Eu sei que a Macau de outrora não é isto, e cada vez mais vou percebendo que os fundamentos daquela terra são pouco adocicados. Casas de jogo clandestinas, tráfico de ópio e de mulheres, desobediência constante, joguinhos ardilosos com os mandarins, funcionários civis e judiciais pouco escrupulosos, tudo aproveitando-se de uma população bastante miserável. Ruas sujas, habitações na sua maioria estreitas, interiores sem luxo nem conforto. Eu sei… e não me esqueço disso. No entanto, meus caros, como sabe bem, ao sair desse lodaçal, penetrar nesta minha revigorante Macau pessoal – certamente idealizada, naturalmente kitsch, erguida de acordo com um gosto orientalizante da primeira metade do século passado numa casa perdida entre pinhais!
Sei, por outro lado, que, à semelhança da Macau que pretendeu representar, também a sala de que falo já não existe a não ser na minha memória. A passagem do tempo tem destas coisas: se há sítios que permanecem, há outros que não resistem, e cuja recordação se vai esboroando aos poucos, lenta mas inexoravelmente. Isso não é bom nem é mau: é o que é. Não vou dizer que este continuado processo de desmantelamento não me custa um bocadinho – acho que me custará sempre – mas a verdade é que, enquanto me lembrar daquela sala (e acho que jamais a esquecerei) terei forças para estudar, sem esmorecer, o “oriente português” (designação provavelmente tão disparatada como, se analisada fria e logicamente, o era aquela divisão) de que comecei a gostar verdadeiramente entre as suas quatros paredes.
Se o mundo fosse apenas um espaço aberto a análises frias e sensatas, seria certamente um lugar muuuito aborrecido! ;) 

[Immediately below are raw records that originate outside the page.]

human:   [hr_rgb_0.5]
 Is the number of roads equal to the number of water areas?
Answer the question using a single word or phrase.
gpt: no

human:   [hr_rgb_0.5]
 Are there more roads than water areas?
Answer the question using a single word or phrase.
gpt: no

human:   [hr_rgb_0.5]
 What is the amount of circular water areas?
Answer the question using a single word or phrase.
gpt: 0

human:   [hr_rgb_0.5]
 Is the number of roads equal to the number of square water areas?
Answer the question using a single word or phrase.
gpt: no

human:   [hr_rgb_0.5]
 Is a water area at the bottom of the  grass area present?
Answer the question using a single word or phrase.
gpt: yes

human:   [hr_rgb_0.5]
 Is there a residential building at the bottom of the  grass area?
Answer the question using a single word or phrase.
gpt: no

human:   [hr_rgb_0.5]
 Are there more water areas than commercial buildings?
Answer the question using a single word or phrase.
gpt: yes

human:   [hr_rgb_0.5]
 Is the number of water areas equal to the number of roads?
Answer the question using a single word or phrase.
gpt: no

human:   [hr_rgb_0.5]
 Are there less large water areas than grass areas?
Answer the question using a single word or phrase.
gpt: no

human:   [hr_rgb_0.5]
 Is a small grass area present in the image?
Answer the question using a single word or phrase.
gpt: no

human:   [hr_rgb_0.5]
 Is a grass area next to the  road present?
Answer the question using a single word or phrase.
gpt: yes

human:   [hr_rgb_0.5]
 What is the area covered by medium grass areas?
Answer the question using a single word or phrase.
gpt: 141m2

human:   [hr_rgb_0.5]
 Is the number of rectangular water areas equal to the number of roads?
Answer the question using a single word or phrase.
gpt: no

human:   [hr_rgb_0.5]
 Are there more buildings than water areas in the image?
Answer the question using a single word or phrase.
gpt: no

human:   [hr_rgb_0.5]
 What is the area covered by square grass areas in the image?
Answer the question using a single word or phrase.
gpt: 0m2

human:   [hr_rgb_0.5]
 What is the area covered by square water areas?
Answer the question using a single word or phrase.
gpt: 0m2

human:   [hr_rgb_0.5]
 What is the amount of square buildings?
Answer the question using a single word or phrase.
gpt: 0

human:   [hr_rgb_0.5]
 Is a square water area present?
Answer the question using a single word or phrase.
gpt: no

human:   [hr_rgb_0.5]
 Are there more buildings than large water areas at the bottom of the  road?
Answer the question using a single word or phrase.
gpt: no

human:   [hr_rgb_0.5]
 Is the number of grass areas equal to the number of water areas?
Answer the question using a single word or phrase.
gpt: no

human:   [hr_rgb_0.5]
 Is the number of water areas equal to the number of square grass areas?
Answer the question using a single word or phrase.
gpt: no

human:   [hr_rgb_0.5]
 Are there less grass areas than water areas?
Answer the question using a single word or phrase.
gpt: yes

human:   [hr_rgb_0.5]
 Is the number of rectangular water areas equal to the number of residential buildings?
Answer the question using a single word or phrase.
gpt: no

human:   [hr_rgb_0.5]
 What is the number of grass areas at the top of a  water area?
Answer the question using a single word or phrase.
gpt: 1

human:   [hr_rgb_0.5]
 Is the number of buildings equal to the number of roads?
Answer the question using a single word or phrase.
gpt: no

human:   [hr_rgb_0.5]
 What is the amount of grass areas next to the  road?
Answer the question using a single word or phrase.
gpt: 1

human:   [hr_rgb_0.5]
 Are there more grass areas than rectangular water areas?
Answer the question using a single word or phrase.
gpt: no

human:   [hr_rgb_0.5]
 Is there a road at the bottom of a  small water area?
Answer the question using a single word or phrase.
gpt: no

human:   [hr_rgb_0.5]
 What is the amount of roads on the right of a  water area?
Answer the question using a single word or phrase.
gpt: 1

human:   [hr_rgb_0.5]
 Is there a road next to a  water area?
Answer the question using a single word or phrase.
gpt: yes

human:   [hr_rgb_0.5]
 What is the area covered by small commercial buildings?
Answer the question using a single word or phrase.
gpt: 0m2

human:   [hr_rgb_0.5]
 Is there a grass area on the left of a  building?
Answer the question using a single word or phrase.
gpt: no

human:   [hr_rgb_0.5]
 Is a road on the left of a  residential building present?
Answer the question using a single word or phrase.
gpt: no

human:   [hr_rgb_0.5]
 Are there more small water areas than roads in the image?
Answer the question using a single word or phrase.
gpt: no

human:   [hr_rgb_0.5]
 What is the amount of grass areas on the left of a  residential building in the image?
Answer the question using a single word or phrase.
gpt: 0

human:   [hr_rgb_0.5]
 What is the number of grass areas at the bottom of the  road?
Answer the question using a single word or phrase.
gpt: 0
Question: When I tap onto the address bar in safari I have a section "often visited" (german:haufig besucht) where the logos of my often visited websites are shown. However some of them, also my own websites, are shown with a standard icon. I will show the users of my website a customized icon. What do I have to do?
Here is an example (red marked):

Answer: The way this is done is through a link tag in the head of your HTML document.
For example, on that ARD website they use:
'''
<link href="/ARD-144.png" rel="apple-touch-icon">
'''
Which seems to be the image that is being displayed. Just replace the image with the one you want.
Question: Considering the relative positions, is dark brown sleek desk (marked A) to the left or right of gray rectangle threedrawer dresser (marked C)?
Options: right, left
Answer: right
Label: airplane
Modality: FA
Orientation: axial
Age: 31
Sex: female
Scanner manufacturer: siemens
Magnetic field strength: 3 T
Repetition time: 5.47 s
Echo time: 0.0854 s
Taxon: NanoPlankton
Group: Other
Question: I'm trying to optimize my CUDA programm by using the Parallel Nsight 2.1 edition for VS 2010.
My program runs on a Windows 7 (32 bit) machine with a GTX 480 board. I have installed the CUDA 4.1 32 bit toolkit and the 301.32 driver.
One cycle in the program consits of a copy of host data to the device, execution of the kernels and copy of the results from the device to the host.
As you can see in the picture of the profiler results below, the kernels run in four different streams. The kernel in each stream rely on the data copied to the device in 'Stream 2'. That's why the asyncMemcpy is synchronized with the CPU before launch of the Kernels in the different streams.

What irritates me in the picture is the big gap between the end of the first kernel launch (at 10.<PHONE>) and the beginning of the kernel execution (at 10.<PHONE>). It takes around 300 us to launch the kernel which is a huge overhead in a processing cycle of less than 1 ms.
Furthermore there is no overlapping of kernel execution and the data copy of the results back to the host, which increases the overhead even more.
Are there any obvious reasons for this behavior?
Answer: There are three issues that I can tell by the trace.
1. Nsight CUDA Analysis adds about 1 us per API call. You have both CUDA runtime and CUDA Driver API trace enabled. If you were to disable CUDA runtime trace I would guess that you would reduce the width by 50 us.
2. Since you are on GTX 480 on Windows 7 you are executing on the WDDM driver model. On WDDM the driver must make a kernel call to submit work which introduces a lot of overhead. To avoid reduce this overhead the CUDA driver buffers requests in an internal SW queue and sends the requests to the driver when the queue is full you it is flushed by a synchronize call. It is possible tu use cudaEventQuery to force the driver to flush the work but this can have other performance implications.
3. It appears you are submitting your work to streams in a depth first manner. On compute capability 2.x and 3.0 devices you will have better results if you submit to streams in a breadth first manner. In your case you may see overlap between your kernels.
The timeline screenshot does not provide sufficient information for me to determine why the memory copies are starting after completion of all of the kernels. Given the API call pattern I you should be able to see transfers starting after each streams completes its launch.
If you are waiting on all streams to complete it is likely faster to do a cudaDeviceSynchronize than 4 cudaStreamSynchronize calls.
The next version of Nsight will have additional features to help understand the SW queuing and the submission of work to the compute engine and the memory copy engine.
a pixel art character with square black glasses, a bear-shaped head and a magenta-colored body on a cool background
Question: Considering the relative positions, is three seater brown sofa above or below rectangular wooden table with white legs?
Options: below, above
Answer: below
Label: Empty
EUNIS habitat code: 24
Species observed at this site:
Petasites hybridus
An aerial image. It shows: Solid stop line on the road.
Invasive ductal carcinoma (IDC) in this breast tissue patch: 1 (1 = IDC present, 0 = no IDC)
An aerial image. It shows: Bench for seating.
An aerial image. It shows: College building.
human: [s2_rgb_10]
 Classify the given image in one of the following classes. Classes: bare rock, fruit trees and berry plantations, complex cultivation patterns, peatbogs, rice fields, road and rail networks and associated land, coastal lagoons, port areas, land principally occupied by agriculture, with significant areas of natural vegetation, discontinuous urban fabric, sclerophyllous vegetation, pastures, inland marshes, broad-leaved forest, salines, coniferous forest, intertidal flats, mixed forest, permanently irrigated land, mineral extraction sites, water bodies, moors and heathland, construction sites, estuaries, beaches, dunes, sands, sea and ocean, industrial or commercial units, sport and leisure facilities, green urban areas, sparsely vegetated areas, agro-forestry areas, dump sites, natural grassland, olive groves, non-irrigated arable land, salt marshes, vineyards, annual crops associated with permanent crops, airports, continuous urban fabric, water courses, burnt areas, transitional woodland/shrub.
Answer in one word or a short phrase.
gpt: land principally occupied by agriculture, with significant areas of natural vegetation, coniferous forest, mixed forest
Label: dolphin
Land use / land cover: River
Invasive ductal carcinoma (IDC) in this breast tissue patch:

Tuesday, November 06, 2012

(A)NORMALIDADE(S)


Contra o que tem vindo a ser meu hábito – ou seja, contra o que se pode considerar “normal” – quebro hoje a “regra” (que não o é verdadeiramente… trata-se mais de um uso, juridicamente falando) de me limitar a contribuir semanalmente para a alimentação destes prazos serrazinescos. Tal quebra de rotinas – tal ato anormal, afinal – torna-se contudo muito mais compreensível se tivermos em conta o título do presente post.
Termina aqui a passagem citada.